UPDATE2 I also tried to follow @user3666197's suggestion (thanks for the editing tips btw). If I understood correctly, I first converted x into a series of 'matplotlib style days':

mx = mPlotDATEs.date2num(list(x))

which then allows me to directly call:

scatter(mx, y, s=z)

then to label axis properly, I call:

gca().xaxis.set_major_formatter( DateFormatter('%Y-%m-%d %H:%M'))

(call show() to update the axis label if interactive mode)

It worked quite nicely and feels to me a more 'proper' way of doing things, so I'm going to accept that as the best answer.


Solution

  • Is there a way to do both? Yes.

    However, let's work by example:

    enter image description here enter image description here

    step A: from a datetime to a matplotlib convention-compatible float for dates/times
    step B: adding 3D | 4D | 5D capabilities ( using additional { color | size | alpha } --coded dimensionality of information )

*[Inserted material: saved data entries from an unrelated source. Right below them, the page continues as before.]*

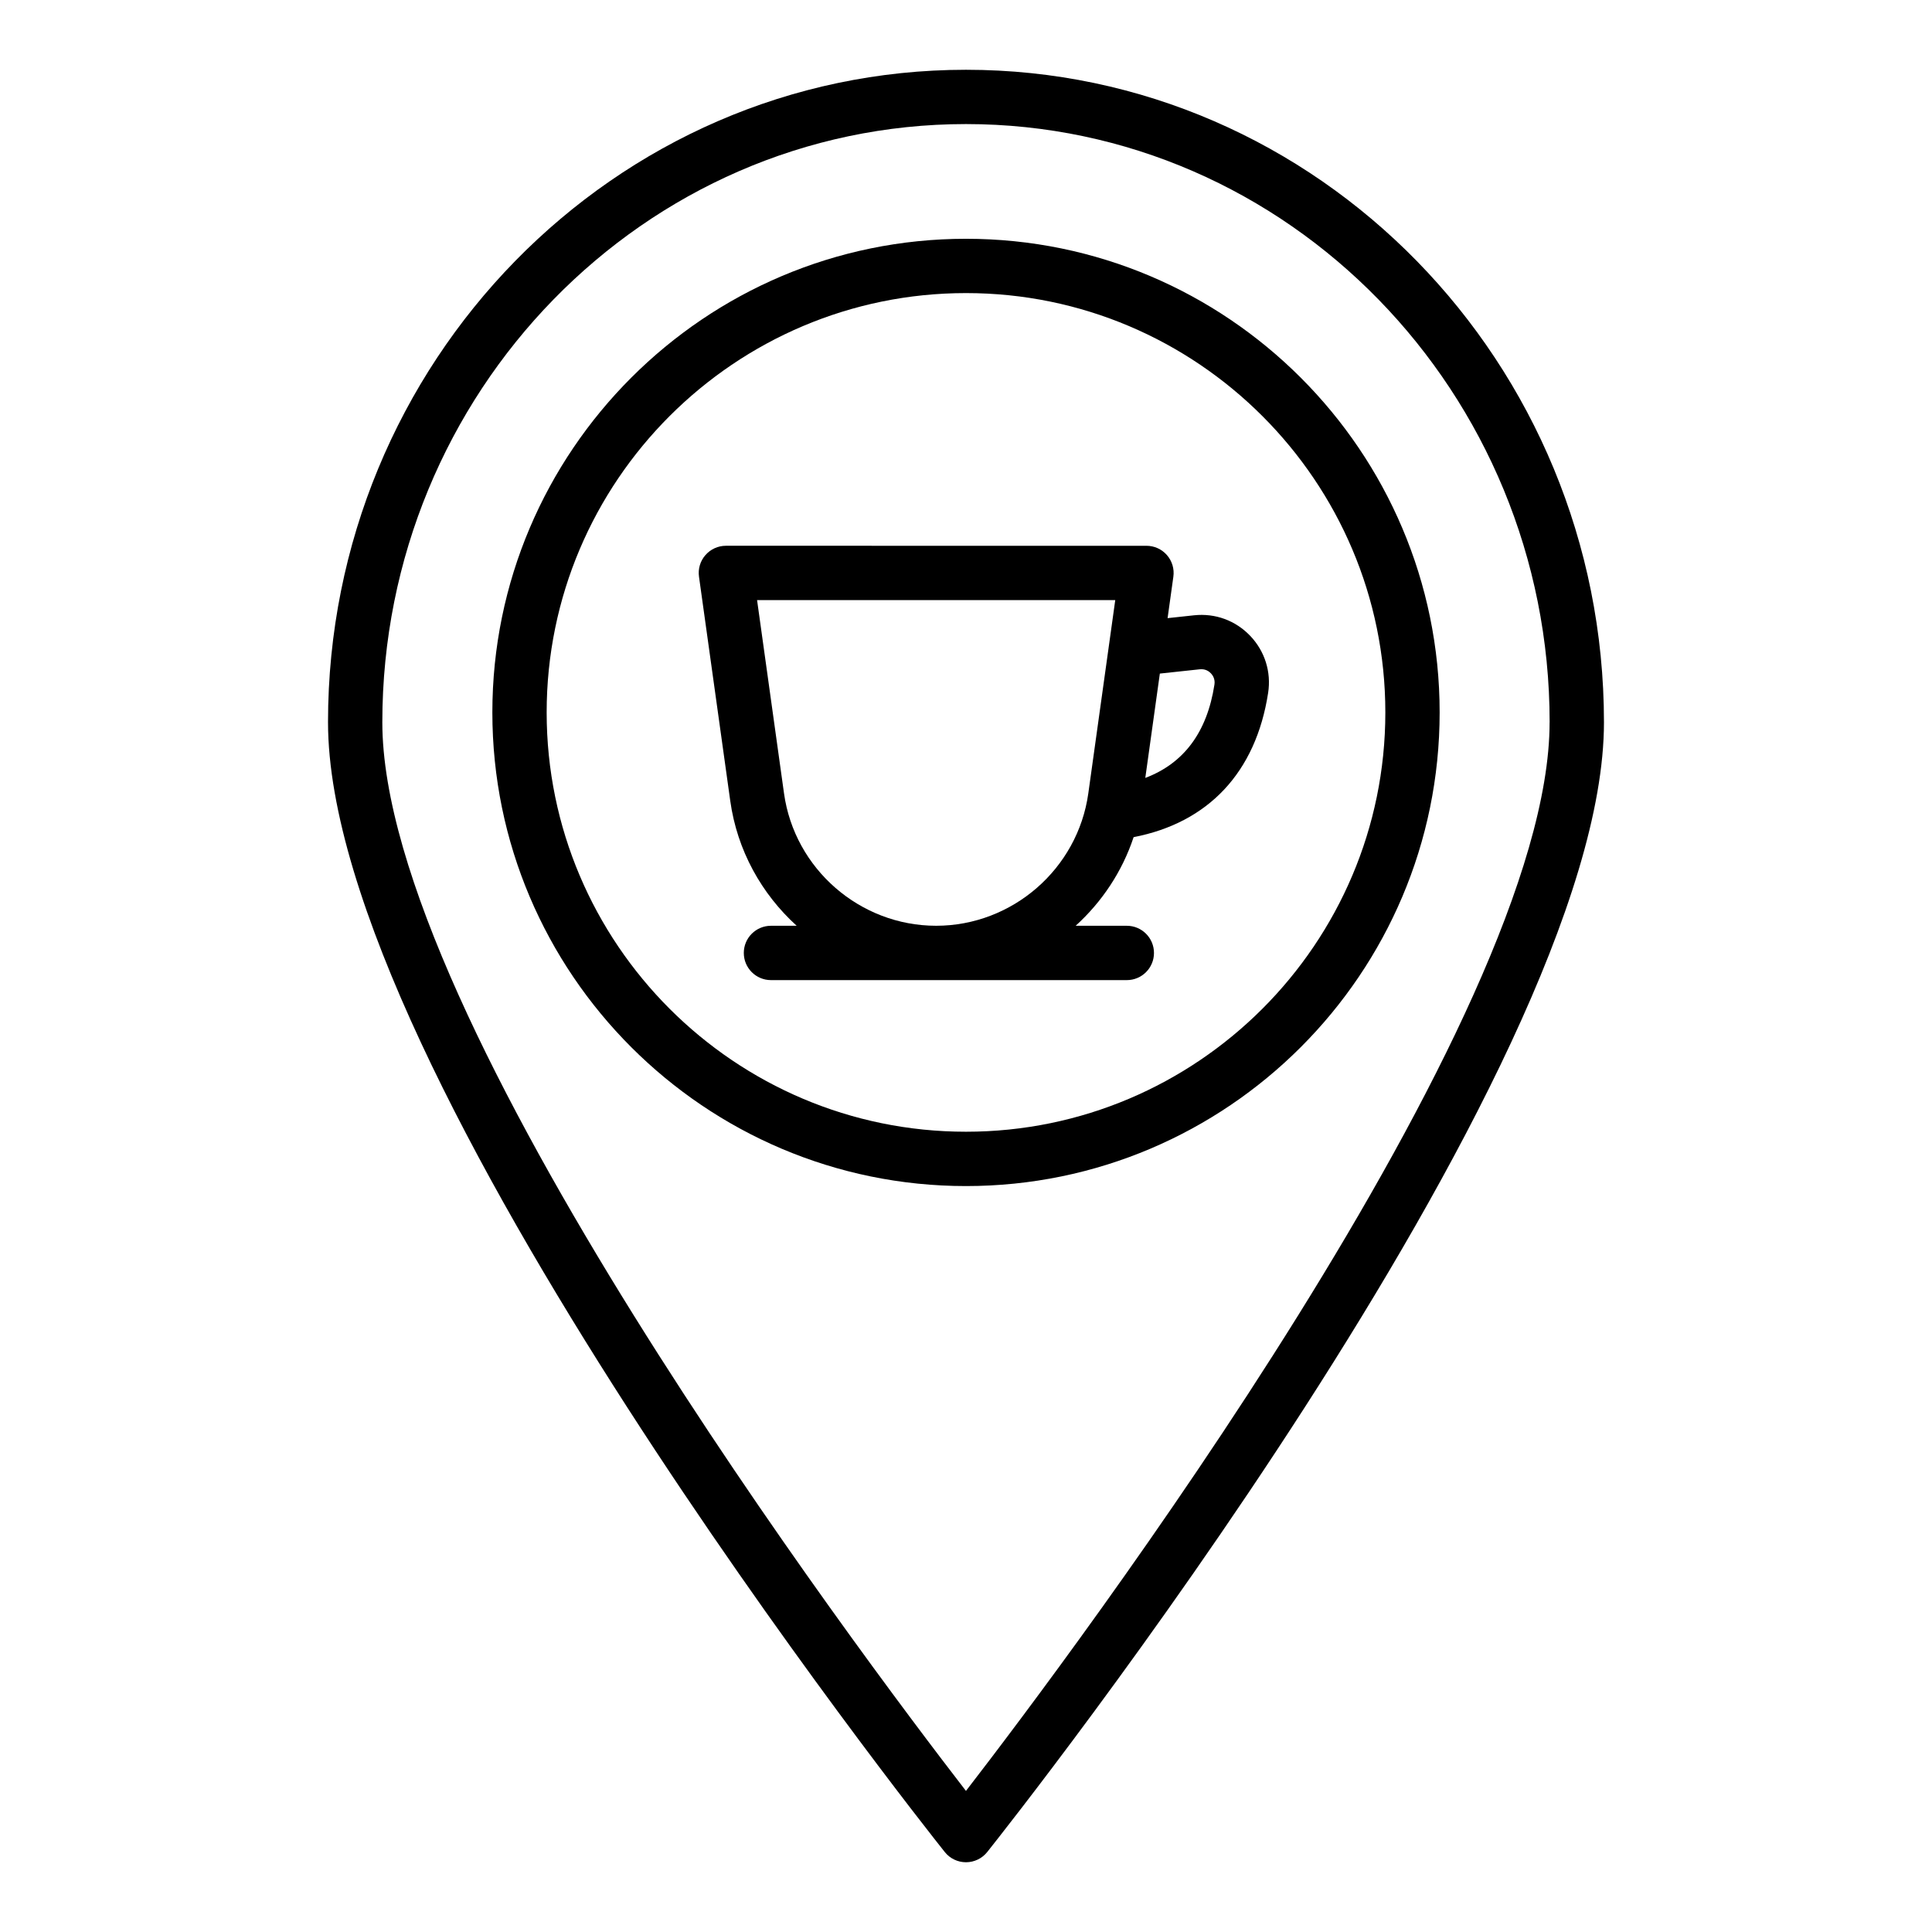 <?xml version="1.0" encoding="UTF-8"?>
<!-- Uploaded to: SVG Repo, www.svgrepo.com, Generator: SVG Repo Mixer Tools -->
<svg fill="#000000" width="800px" height="800px" version="1.1" viewBox="144 144 512 512" xmlns="http://www.w3.org/2000/svg">
 <g>
  <path d="m230.93 335.42c0 92.988 156.76 290.99 163.44 299.38 1.359 1.719 3.434 2.715 5.629 2.715 2.191 0 4.266-1 5.629-2.715 6.676-8.387 163.44-206.39 163.44-299.38-0.004-95.355-75.848-172.93-169.07-172.93-93.223 0-169.07 77.574-169.07 172.93zm323.73 0c0 78.469-126.23 246.37-154.67 283.19-28.445-36.824-154.67-204.7-154.67-283.19 0.004-87.414 69.391-158.54 154.68-158.54s154.67 71.121 154.67 158.54z"/>
  <path d="m274.48 332.8c0 69.211 56.312 125.52 125.52 125.52s125.52-56.305 125.52-125.52c0-69.211-56.312-125.52-125.52-125.52s-125.52 56.312-125.52 125.52zm236.65 0c0 61.273-49.855 111.12-111.13 111.12s-111.13-49.848-111.13-111.12c0-61.273 49.852-111.13 111.13-111.13 61.273 0 111.13 49.855 111.13 111.13z"/>
  <path d="m330.94 291.11c-1.371 1.566-1.988 3.656-1.699 5.715l8.285 59.418c1.828 13.133 8.312 24.668 17.602 33.098h-6.812c-3.977 0-7.199 3.219-7.199 7.199 0 3.977 3.219 7.199 7.199 7.199h94.301c3.977 0 7.199-3.219 7.199-7.199 0-3.977-3.219-7.199-7.199-7.199h-13.555c6.945-6.305 12.328-14.336 15.359-23.488 19.762-3.812 32.41-17.152 35.648-38.242 0.859-5.539-0.879-11.051-4.75-15.105-3.879-4.062-9.25-6.051-14.895-5.445l-7 0.754 1.531-10.988c0.289-2.059-0.332-4.148-1.699-5.715-1.363-1.574-3.344-2.473-5.426-2.473l-111.46-0.004c-2.082 0-4.062 0.902-5.426 2.477zm131.02 30.258c1.547-0.16 2.496 0.605 2.945 1.074 0.449 0.473 1.168 1.484 0.934 2.981-1.945 12.645-8.133 20.887-18.324 24.734l3.856-27.652zm-22.406-18.34-7.141 51.223c-2.789 20.004-20.129 35.086-40.324 35.086-20.199 0-37.531-15.082-40.316-35.078l-7.141-51.23z"/>
 </g>
</svg>

    As usual, devil is hidden in detail.

    matplotlib dates are almost equal, but not equal:

    #  mPlotDATEs.date2num.__doc__
    #                  
    #     *d* is either a class `datetime` instance or a sequence of datetimes.
    #
    #     Return value is a floating point number (or sequence of floats)
    #     which gives the number of days (fraction part represents hours,
    #     minutes, seconds) since 0001-01-01 00:00:00 UTC, *plus* *one*.
    #     The addition of one here is a historical artifact.  Also, note
    #     that the Gregorian calendar is assumed; this is not universal
    #     practice.  For details, see the module docstring.
    

    So, highly recommended to re-use their "own" tool:

    from matplotlib import dates as mPlotDATEs   # helper functions num2date()
    #                                            #              and date2num()
    #                                            #              to convert to/from.
    

    Managing axis-labels & formatting & scale (min/max) is a separate issue

    Nevertheless, matplotlib brings you arms for this part too:

    from matplotlib.dates   import  DateFormatter,    \
                                    AutoDateLocator,   \
                                    HourLocator,        \
                                    MinuteLocator,       \
                                    epoch2num
    from matplotlib.ticker  import  ScalarFormatter, FuncFormatter
    

    and may for example do:

        aPlotAX.set_xlim( x_min, x_MAX )               # X-AXIS LIMITs ------------------------------------------------------------------------------- X-LIMITs
        
        #lt.gca().xaxis.set_major_locator(      matplotlib.ticker.FixedLocator(  secs ) )
        #lt.gca().xaxis.set_major_formatter(    matplotlib.ticker.FuncFormatter( lambda pos, _: time.strftime( "%d-%m-%Y %H:%M:%S", time.localtime( pos ) ) ) )
        
        aPlotAX.xaxis.set_major_locator(   AutoDateLocator() )
        
        aPlotAX.xaxis.set_major_formatter( DateFormatter( '%Y-%m-%d %H:%M' ) )  # ----------------------------------------------------------------------------------------- X-FORMAT
    
        #--------------------------------------------- # 90-deg x-tick-LABELs
    
        plt.setp( plt.gca().get_xticklabels(),  rotation            = 90,
                                                horizontalalignment = 'right'
                                                )
        
        #------------------------------------------------------------------
    

    Adding { 3D | 4D | 5D } transcoding

    Just to imagine the approach, check this example, additional dimensionality of information was coded using different tools into { color | size | alpha }. Whereas { size | alpha } are scatter-point related, for color there are additional tools in matplotlib included a set of colouring scaled for various domain-specific or human-eye vision / perception adapted colour-scales. A nice explanation of color-scale / normalisation scaler is presented here.

    enter image description here

    You may have noticed, that this 4D example still has a constant alpha ( unused for 5th DOF in true 5D dimensionality visualisation ).